When Bear Stearns hit bottom in March, the credit crisis claimed its first big Wall Street victim. Treasury Secretary Hank Paulson said we had to bail out the bleeding financial giant at a cost to the taxpayers of $29 billion. Paulson said that would stabilize the markets. But it didn't.

Next, Paulson said we had to bail out mortgage giants Fannie Mae and Freddie Mac. The starting price was $200 billion. And that is on top of $300 billion passed by Congress only a month or so earlier in a massive housing bill. We were told that this would surely calm the markets. It didn't.

Paulson and Federal Reserve Chairman Ben Bernanke then siphoned $85 billion from taxpayer coffers to save AIG from bankruptcy, again with the stated purpose of stabilizing the markets. Did it do the trick this time? No. Things appear to have only gotten worse.

More than $600 billion into these market-calming bailouts, market turmoil has continued. In fact, it has now grown to such a crescendo that we're told Congress must spend another $700 billion in taxpayer funds. We're told that we must do this now, without thorough deliberation, without answers to most questions.

This would bring the bailout tally to well over a trillion dollars — approaching half the size of America's entire budget.

In other words: Every American who has played it safe and smart to avoid debt is being asked to spend the rest of his or her life paying off the debts of Washington and Wall Street. We are well on our way to privatizing profit but socializing risk. We're well on our way to eliminating moral hazard from economics altogether. This antithetical not only to the free-market basis of our economy, but also to the rich heritage of liberty we've long enjoyed. It runs counter to the American Dream, unless you're a fat cat rolling the dice with taxpayer dollars.

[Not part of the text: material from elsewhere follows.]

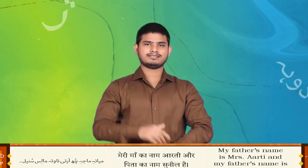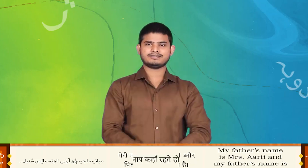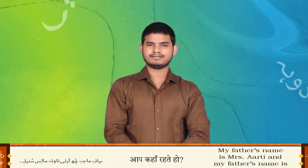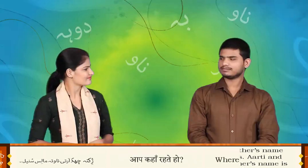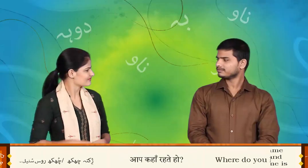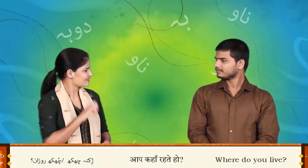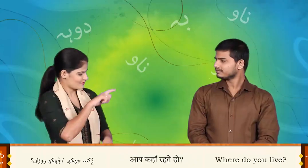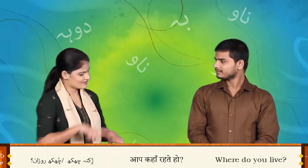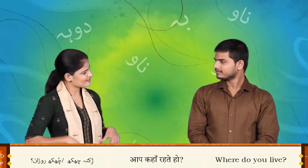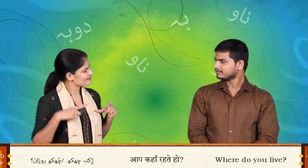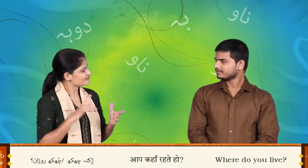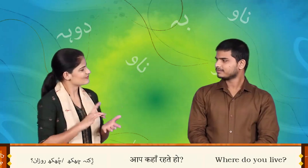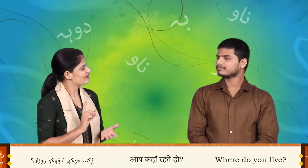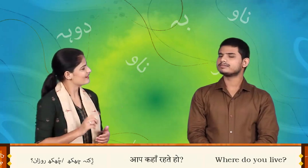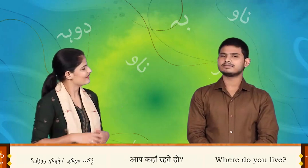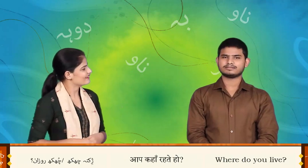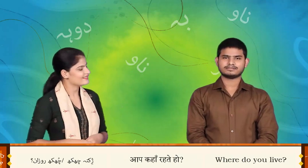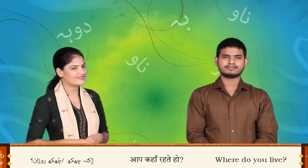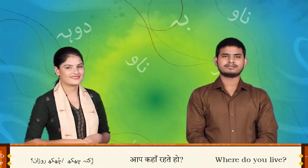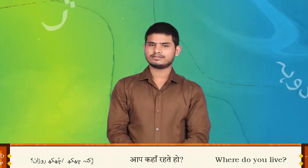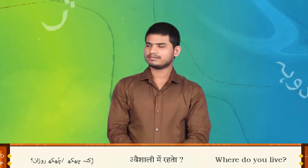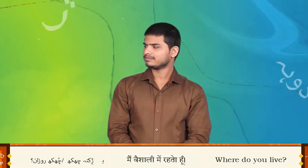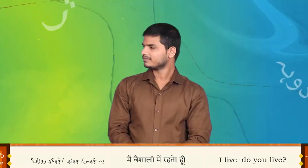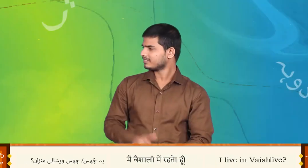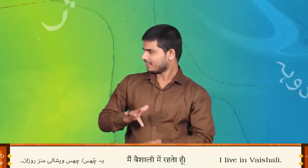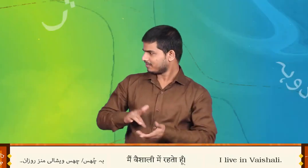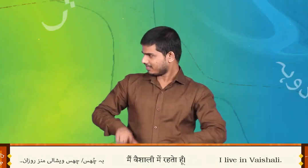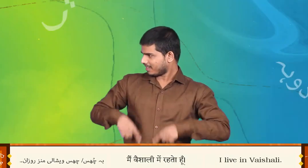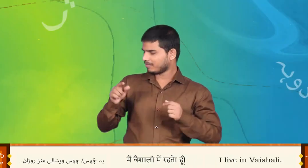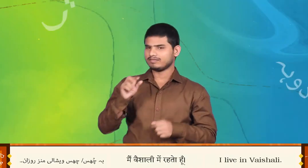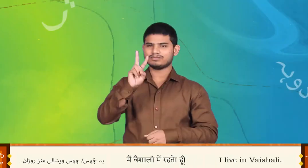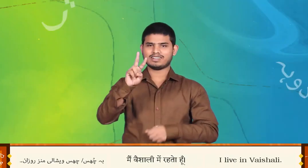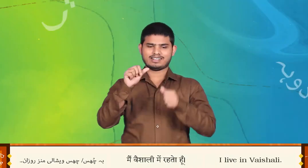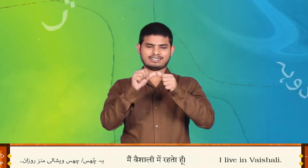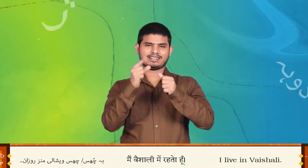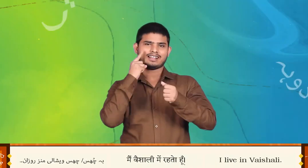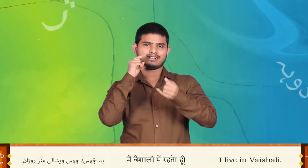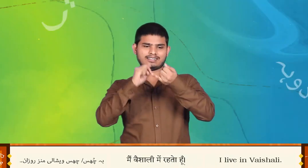चे के चुक रोजान वच्य वशाली मन्ज रोजान
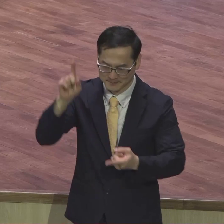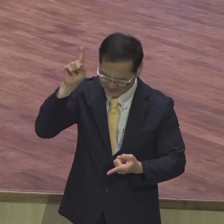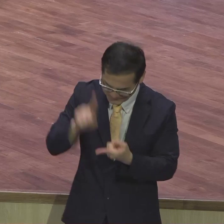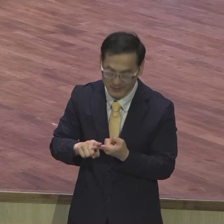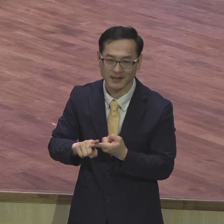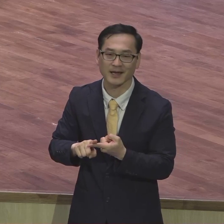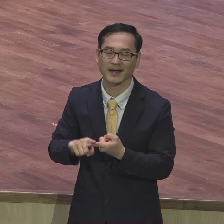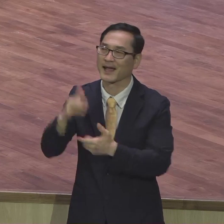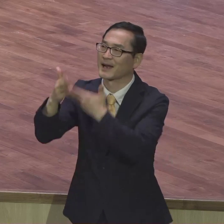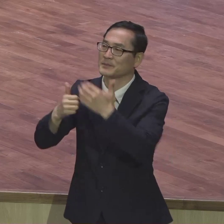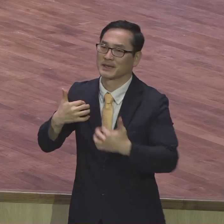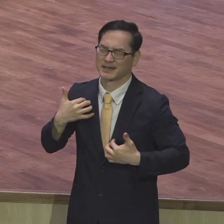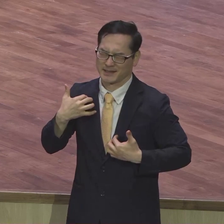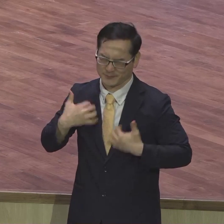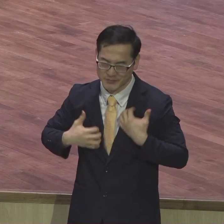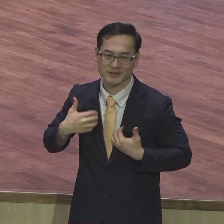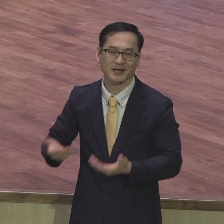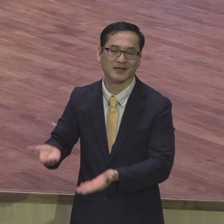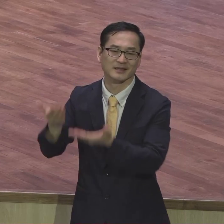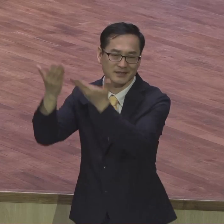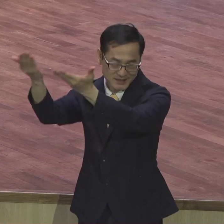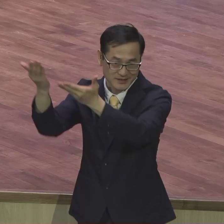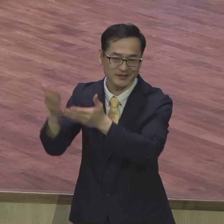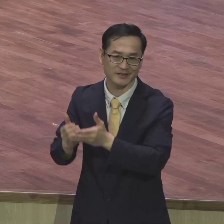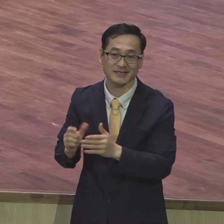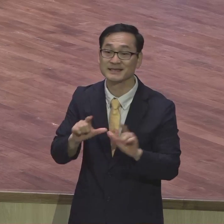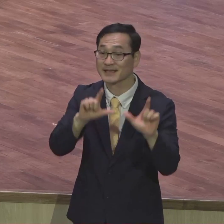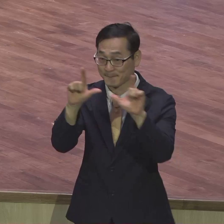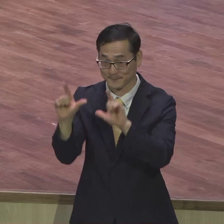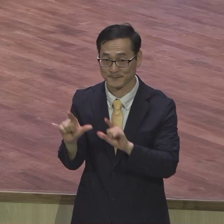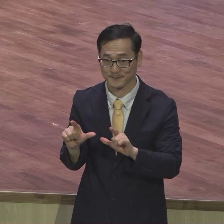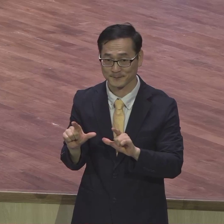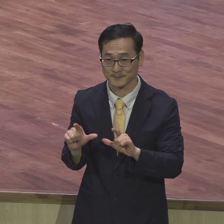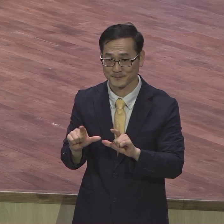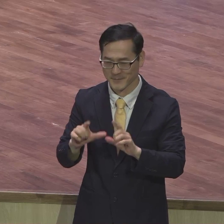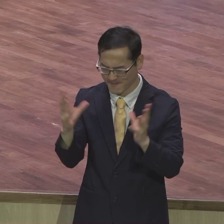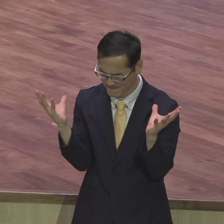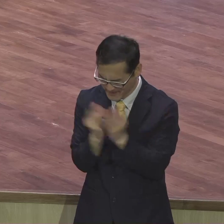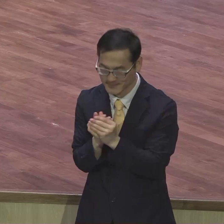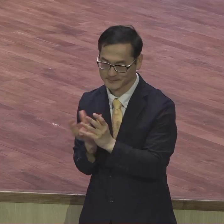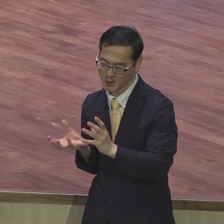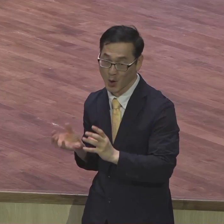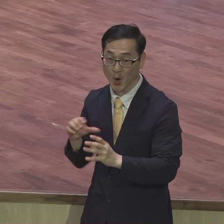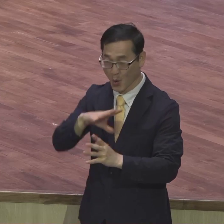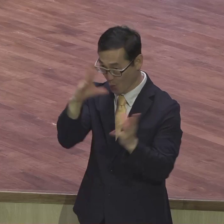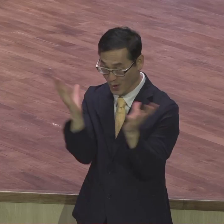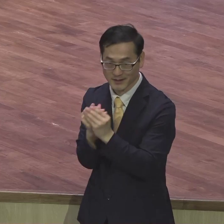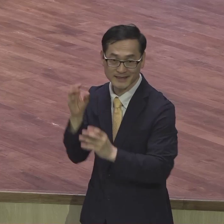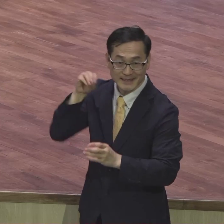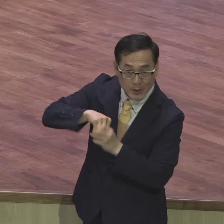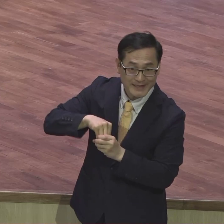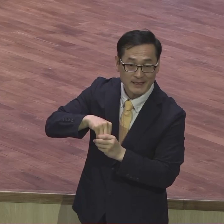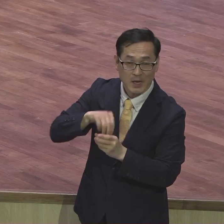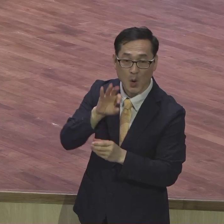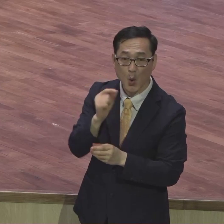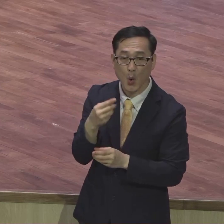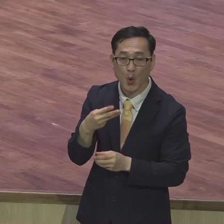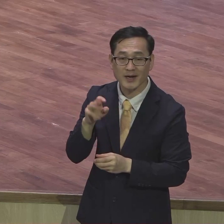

American taxpayers are being asked to clean up a mess they didn't create. Congress must not rush to judgment on this matter. It is a complicated issue, and the consequences could threaten generations of prosperity. We must not just stick a trillion-dollar Band-Aid on the problem; we must examine the root causes and seek to address the core issues. Otherwise, it's only a matter of time until we find ourselves here again.

The recklessness of government is a primary culprit here. For years, Congress has been pushing banks to make risky, subprime loans. Using the authority of the Community Reinvestment Act, the big push for subprime mortgages began in earnest during the Clinton years. Banks that didn't play ball were subject to serious fines and lawsuits, and regulatory obstacles were placed in their way. While expanding access to the American Dream is a worthy goal, by blindly pursuing that goal and allowing the end to justify any means we put millions of Americans at financial risk.

Because many of these home loans were backed by mammoth, government-sponsored enterprises — Fannie Mae and Freddie Mac — Wall Street was more than happy to trade on these egregious loans. The assumption — which was proven right — was that Uncle Sam would guarantee them. Fannie and Freddie quickly grew too big, and all calls to regulate them more closely or reform their structures were ignored.

In fact, leaders in Congress, such as Rep. Barney Frank, D-Mass., chairman of the Financial Services committee, resisted reforming Fannie and Freddie at every turn. When former Treasury Secretary John Snow pleaded with Frank for Fannie and Freddie reform, Frank responded: "Fannie Mae and Freddie Mac are not in a crisis … I think we see entities that are fundamentally sound financially." But Snow was right.

Millions of homes and a mountain of wealth were built on a foundation of sand. When the housing bubble burst, it all began to collapse. Suddenly, the homeowners who took out loans they couldn't afford had homes worth less than when they bought them. And stalwart financial giants were left holding onto billions in securities that they couldn't cash — what are called "illiquid assets" in today's headlines. Without liquidity, and the free flow of credit, the market grinds to a halt — and companies buckle.

Endless government bailouts will not prevent this crisis from repeating itself. It will further cement the precedent that got us here in the first place. There are other options for bringing much-needed liquidity to the market, including infusing the market with new capital by suspending the business tax and the capital gains tax.

Fannie Mae and Freddie Mac also need to be dismantled. Now that the implicit taxpayer guarantee they enjoyed for years has been made explicit, we have to make a clean break.

Accounting that artificially devalued securities and other assets should be temporarily suspended. Before Congress jumps to a full trillion-dollar-plus bailout, it should explore these and other market reforms. Congress should look for the best way to provide the greatest stabilization in the markets with the least taxpayer exposure.

This isn't about Wall Street; this isn't about Washington. It's about the forgotten man — the responsible American taxpayer. Who will be left to bail him out?

Michele Bachmann, R-Minn., serves on the Financial Services Committee in the U.S. House of Representatives.